Top of Data
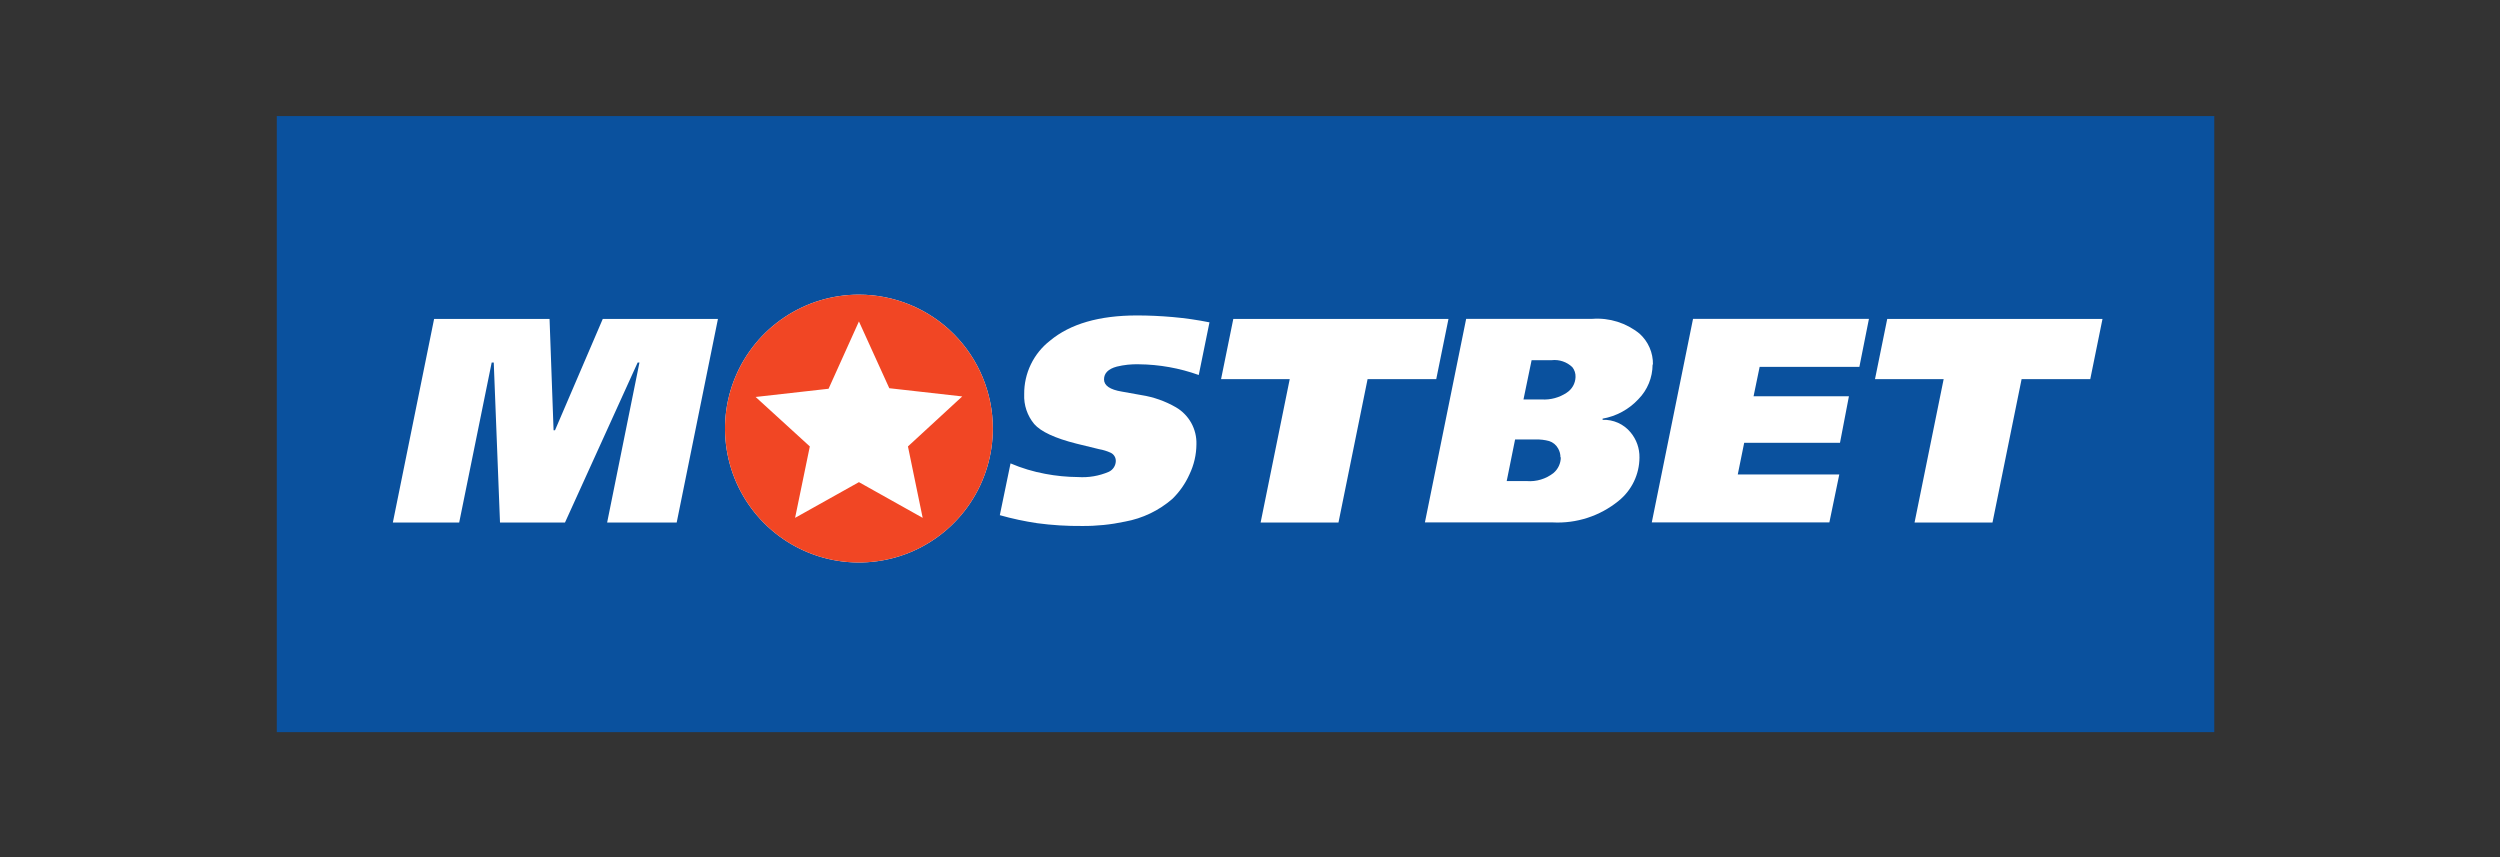 <svg width="280" height="96" viewBox="0 0 280 96" fill="none" xmlns="http://www.w3.org/2000/svg">
<rect x="0" y="0" width="280" height="96" fill="#333333" stroke="none"/>
<rect x="31" y="13" width="217" height="69" fill="#0A519E"/>
<g clip-path="url(#clip0_11_18)">
<path d="M80.41 35.72L75.79 58.52H68L71.62 40.6H71.42L63.28 58.52H56L55.3 40.6H55.07L51.43 58.52H44L48.62 35.72H61.55L62 48.19H62.16L67.51 35.72H80.41Z" fill="white"/>
<path d="M135.46 36.11L134.26 42C132.106 41.227 129.838 40.822 127.55 40.8C126.719 40.776 125.888 40.864 125.08 41.06C124.127 41.32 123.65 41.797 123.65 42.49C123.65 43.183 124.317 43.64 125.65 43.86L127.83 44.25C129.197 44.464 130.512 44.928 131.71 45.62C132.429 46.04 133.021 46.647 133.424 47.375C133.827 48.104 134.026 48.928 134 49.76C133.992 50.927 133.725 52.078 133.22 53.13C132.761 54.16 132.109 55.094 131.3 55.88C129.793 57.187 127.963 58.064 126 58.42C124.416 58.76 122.8 58.924 121.18 58.91C119.508 58.925 117.837 58.822 116.18 58.6C114.762 58.391 113.359 58.09 111.98 57.7L113.18 51.9C114.426 52.432 115.728 52.824 117.06 53.07C118.273 53.301 119.505 53.421 120.74 53.43C121.921 53.51 123.103 53.307 124.19 52.84C124.419 52.732 124.613 52.563 124.751 52.351C124.888 52.139 124.964 51.893 124.97 51.64C124.975 51.443 124.922 51.248 124.817 51.081C124.712 50.913 124.56 50.781 124.38 50.7C123.975 50.517 123.548 50.385 123.11 50.31L120.57 49.69C118.163 49.083 116.583 48.35 115.83 47.49C115.055 46.554 114.655 45.364 114.71 44.15C114.698 42.994 114.953 41.851 115.456 40.81C115.959 39.769 116.696 38.858 117.61 38.15C119.87 36.27 123.117 35.33 127.35 35.33C128.63 35.33 129.963 35.39 131.35 35.51C132.743 35.634 134.129 35.834 135.5 36.11" fill="white"/>
<path d="M162.23 35.72L160.86 42.46H153.17L149.91 58.52H141.19L144.45 42.46H136.76L138.13 35.72H162.23Z" fill="white"/>
<path d="M176.46 42.23C176.478 41.829 176.35 41.434 176.1 41.12C175.795 40.829 175.431 40.608 175.032 40.474C174.632 40.339 174.209 40.293 173.79 40.34H171.54L170.63 44.74H172.68C173.663 44.798 174.639 44.535 175.46 43.99C175.757 43.8 176.004 43.54 176.178 43.234C176.352 42.927 176.449 42.583 176.46 42.23ZM174.77 51.23C174.775 50.879 174.685 50.534 174.51 50.23C174.296 49.835 173.938 49.538 173.51 49.4C173.018 49.266 172.509 49.206 172 49.22H169.69L168.75 53.88H171C172.079 53.966 173.151 53.641 174 52.97C174.254 52.752 174.458 52.482 174.598 52.179C174.737 51.875 174.81 51.544 174.81 51.21L174.77 51.23ZM185.09 40.83C185.088 42.286 184.513 43.684 183.49 44.72C182.428 45.858 181.024 46.62 179.49 46.89V47.02C180.084 46.997 180.676 47.112 181.219 47.354C181.761 47.597 182.241 47.962 182.62 48.42C183.285 49.211 183.64 50.217 183.62 51.25C183.615 52.182 183.403 53.1 182.998 53.939C182.593 54.779 182.006 55.517 181.28 56.1C179.202 57.794 176.567 58.653 173.89 58.51H159.59L164.21 35.71H178.35C180.257 35.57 182.146 36.164 183.63 37.37C184.112 37.804 184.495 38.337 184.754 38.932C185.013 39.527 185.141 40.171 185.13 40.82" fill="white"/>
<path d="M209.32 35.72L208.25 41.09H197.08L196.4 44.38H207.08L206.08 49.59H195.35L194.63 53.14H206L204.89 58.51H185L189.62 35.71H209.32" fill="white"/>
<path d="M235.48 35.72L234.11 42.46H226.42L223.16 58.52H214.43L217.69 42.46H210L211.37 35.72H235.47" fill="white"/>
<path d="M96.2 33C93.233 33 90.333 33.88 87.867 35.528C85.4 37.176 83.477 39.519 82.342 42.26C81.207 45.001 80.909 48.017 81.488 50.926C82.067 53.836 83.496 56.509 85.593 58.607C87.691 60.704 90.364 62.133 93.274 62.712C96.183 63.291 99.199 62.993 101.94 61.858C104.681 60.723 107.024 58.8 108.672 56.334C110.32 53.867 111.2 50.967 111.2 48C111.2 46.03 110.812 44.08 110.058 42.26C109.304 40.44 108.199 38.786 106.807 37.393C105.414 36.001 103.76 34.896 101.94 34.142C100.12 33.388 98.17 33 96.2 33Z" fill="white"/>
<path d="M103.34 58L96.2 54L89.05 58L90.7 50L84.63 44.46L92.8 43.54L96.2 36L99.6 43.48L107.77 44.4L101.69 50L103.34 58ZM96.2 33C93.233 33 90.333 33.88 87.867 35.528C85.4 37.176 83.477 39.519 82.342 42.26C81.207 45.001 80.909 48.017 81.488 50.926C82.067 53.836 83.496 56.509 85.593 58.607C87.691 60.704 90.364 62.133 93.274 62.712C96.183 63.291 99.199 62.993 101.94 61.858C104.681 60.723 107.024 58.8 108.672 56.334C110.32 53.867 111.2 50.967 111.2 48C111.2 46.03 110.812 44.08 110.058 42.26C109.304 40.44 108.199 38.786 106.807 37.393C105.414 36.001 103.76 34.896 101.94 34.142C100.12 33.388 98.17 33 96.2 33Z" fill="#F14624"/>
</g>
<defs>
<clipPath id="clip0_11_18">
<rect width="191.48" height="30" fill="white" transform="translate(44 33)"/>
</clipPath>
</defs>
</svg>
Bottom of Data
Task item: Reproduce the data above word for word and omit the images.

Solved exercise:
 <svg width="280" height="96" viewBox="0 0 280 96" fill="none" xmlns="http://www.w3.org/2000/svg">
<rect x="0" y="0" width="280" height="96" fill="#333333" stroke="none"/>
<rect x="31" y="13" width="217" height="69" fill="#0A519E"/>
<g clip-path="url(#clip0_11_18)">
<path d="M80.41 35.72L75.79 58.52H68L71.62 40.6H71.42L63.28 58.52H56L55.3 40.6H55.07L51.43 58.52H44L48.62 35.72H61.55L62 48.19H62.16L67.51 35.72H80.41Z" fill="white"/>
<path d="M135.46 36.11L134.26 42C132.106 41.227 129.838 40.822 127.55 40.8C126.719 40.776 125.888 40.864 125.08 41.06C124.127 41.32 123.65 41.797 123.65 42.49C123.65 43.183 124.317 43.64 125.65 43.86L127.83 44.25C129.197 44.464 130.512 44.928 131.71 45.62C132.429 46.04 133.021 46.647 133.424 47.375C133.827 48.104 134.026 48.928 134 49.76C133.992 50.927 133.725 52.078 133.22 53.13C132.761 54.16 132.109 55.094 131.3 55.88C129.793 57.187 127.963 58.064 126 58.42C124.416 58.76 122.8 58.924 121.18 58.91C119.508 58.925 117.837 58.822 116.18 58.6C114.762 58.391 113.359 58.09 111.98 57.7L113.18 51.9C114.426 52.432 115.728 52.824 117.06 53.07C118.273 53.301 119.505 53.421 120.74 53.43C121.921 53.51 123.103 53.307 124.19 52.84C124.419 52.732 124.613 52.563 124.751 52.351C124.888 52.139 124.964 51.893 124.97 51.64C124.975 51.443 124.922 51.248 124.817 51.081C124.712 50.913 124.56 50.781 124.38 50.7C123.975 50.517 123.548 50.385 123.11 50.31L120.57 49.69C118.163 49.083 116.583 48.35 115.83 47.49C115.055 46.554 114.655 45.364 114.71 44.15C114.698 42.994 114.953 41.851 115.456 40.81C115.959 39.769 116.696 38.858 117.61 38.15C119.87 36.27 123.117 35.33 127.35 35.33C128.63 35.33 129.963 35.39 131.35 35.51C132.743 35.634 134.129 35.834 135.5 36.11" fill="white"/>
<path d="M162.23 35.72L160.86 42.46H153.17L149.91 58.52H141.19L144.45 42.46H136.76L138.13 35.72H162.23Z" fill="white"/>
<path d="M176.46 42.23C176.478 41.829 176.35 41.434 176.1 41.12C175.795 40.829 175.431 40.608 175.032 40.474C174.632 40.339 174.209 40.293 173.79 40.34H171.54L170.63 44.74H172.68C173.663 44.798 174.639 44.535 175.46 43.99C175.757 43.8 176.004 43.54 176.178 43.234C176.352 42.927 176.449 42.583 176.46 42.23ZM174.77 51.23C174.775 50.879 174.685 50.534 174.51 50.23C174.296 49.835 173.938 49.538 173.51 49.4C173.018 49.266 172.509 49.206 172 49.22H169.69L168.75 53.88H171C172.079 53.966 173.151 53.641 174 52.97C174.254 52.752 174.458 52.482 174.598 52.179C174.737 51.875 174.81 51.544 174.81 51.21L174.77 51.23ZM185.09 40.83C185.088 42.286 184.513 43.684 183.49 44.72C182.428 45.858 181.024 46.62 179.49 46.89V47.02C180.084 46.997 180.676 47.112 181.219 47.354C181.761 47.597 182.241 47.962 182.62 48.42C183.285 49.211 183.64 50.217 183.62 51.25C183.615 52.182 183.403 53.1 182.998 53.939C182.593 54.779 182.006 55.517 181.28 56.1C179.202 57.794 176.567 58.653 173.89 58.51H159.59L164.21 35.71H178.35C180.257 35.57 182.146 36.164 183.63 37.37C184.112 37.804 184.495 38.337 184.754 38.932C185.013 39.527 185.141 40.171 185.13 40.82" fill="white"/>
<path d="M209.32 35.72L208.25 41.09H197.08L196.4 44.38H207.08L206.08 49.59H195.35L194.63 53.14H206L204.89 58.51H185L189.62 35.71H209.32" fill="white"/>
<path d="M235.48 35.72L234.11 42.46H226.42L223.16 58.52H214.43L217.69 42.46H210L211.37 35.72H235.47" fill="white"/>
<path d="M96.2 33C93.233 33 90.333 33.88 87.867 35.528C85.4 37.176 83.477 39.519 82.342 42.26C81.207 45.001 80.909 48.017 81.488 50.926C82.067 53.836 83.496 56.509 85.593 58.607C87.691 60.704 90.364 62.133 93.274 62.712C96.183 63.291 99.199 62.993 101.94 61.858C104.681 60.723 107.024 58.8 108.672 56.334C110.32 53.867 111.2 50.967 111.2 48C111.2 46.03 110.812 44.08 110.058 42.26C109.304 40.44 108.199 38.786 106.807 37.393C105.414 36.001 103.76 34.896 101.94 34.142C100.12 33.388 98.17 33 96.2 33Z" fill="white"/>
<path d="M103.34 58L96.2 54L89.05 58L90.7 50L84.63 44.46L92.8 43.54L96.2 36L99.6 43.48L107.77 44.4L101.69 50L103.34 58ZM96.2 33C93.233 33 90.333 33.88 87.867 35.528C85.4 37.176 83.477 39.519 82.342 42.26C81.207 45.001 80.909 48.017 81.488 50.926C82.067 53.836 83.496 56.509 85.593 58.607C87.691 60.704 90.364 62.133 93.274 62.712C96.183 63.291 99.199 62.993 101.94 61.858C104.681 60.723 107.024 58.8 108.672 56.334C110.32 53.867 111.2 50.967 111.2 48C111.2 46.03 110.812 44.08 110.058 42.26C109.304 40.44 108.199 38.786 106.807 37.393C105.414 36.001 103.76 34.896 101.94 34.142C100.12 33.388 98.17 33 96.2 33Z" fill="#F14624"/>
</g>
<defs>
<clipPath id="clip0_11_18">
<rect width="191.48" height="30" fill="white" transform="translate(44 33)"/>
</clipPath>
</defs>
</svg>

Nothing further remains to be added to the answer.